It is no surprise that after all the protests and elections with will have lasting effects on the population psychological stress is taking its toll.
For the past five years, Lisa Kalbari has observed the impact of Greece’s economic crisis from an airy office on a quiet side street far removed from the teargas and tumult afflicting central Athens.
Dr Kalbari is a psychologist. Each day her couch hosts a procession of patients suffering from anxiety, sleep disorders, depression and other maladies – many of them exacerbated, she believes, by a crisis that has pushed the unemployment rate above 25 per cent while depriving Greeks of any certainty about the future.
“We have a lot of panic attacks,” she says. “For the older generation, it’s like a form of post-traumatic stress disorder. They have experienced war and poverty. For them, it’s about dignity – they don’t want to be humiliated again after reaching a high point.”

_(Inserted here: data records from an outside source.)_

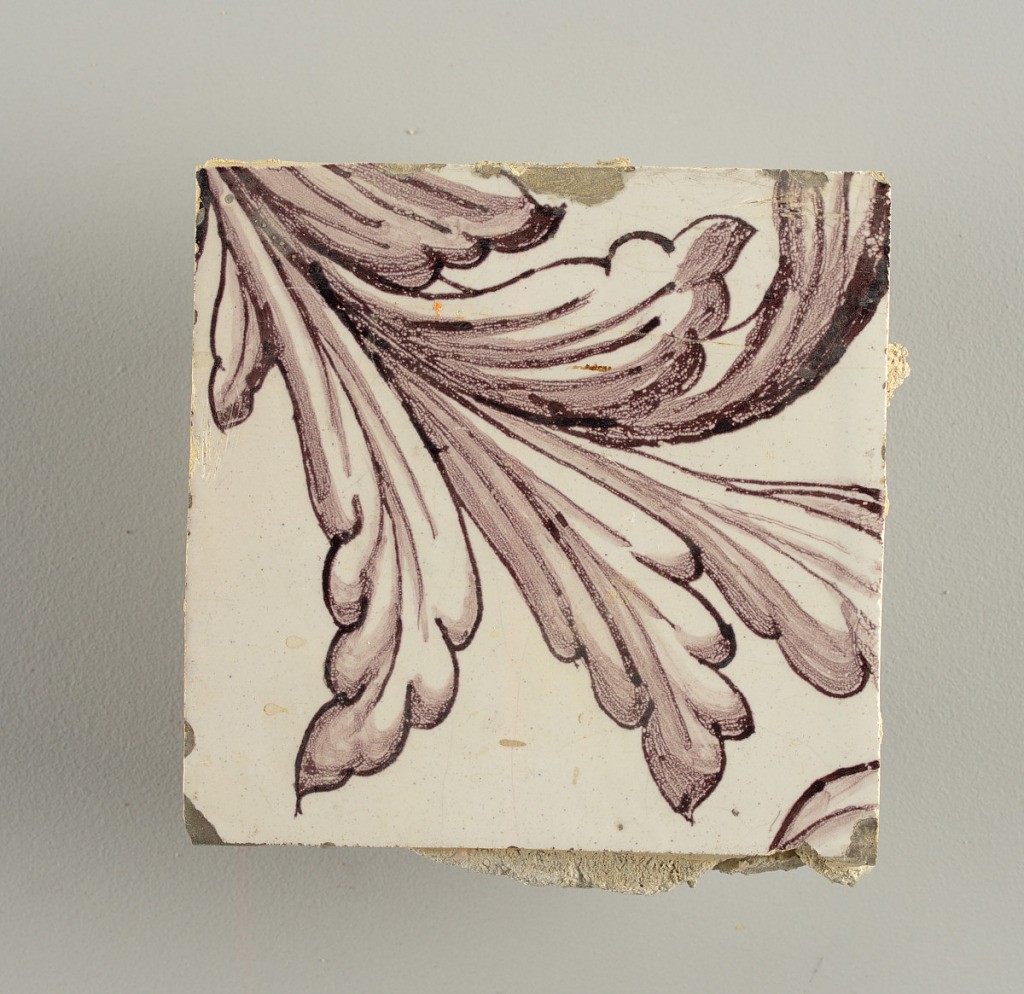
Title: Wall facing
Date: ca. 1725
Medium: Tin-glazed earthenware, underglaze
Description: Horizontal rectangle.  Thirty-seven tiles wide and twenty-one high with opening for door or window nineteen and one-half tiles high and twelve wide.  To left and right of opening, centered canopy above. Left, woman representing Hope, right, a sculputure urn.  Centered above opening, a mascaron.  Arabesque design of foliage.

The toll the crisis has taken on Greece’s mental health tends to be overshadowed by more urgent concerns about hunger or poverty. Nonetheless, there is increasing evidence of the psychological strain on Greek society – from increased diagnoses of depression to an uptick in suicides – and the human wreckage it may leave behind long after the economy has been mended.
“All types of psychological disorders have increased – anxiety, depression, abuses, somatisation, antisocial behaviour,” says Argyro Voulgari, a clinical psychologist at the Hellenic Centre for Mental Health and Research.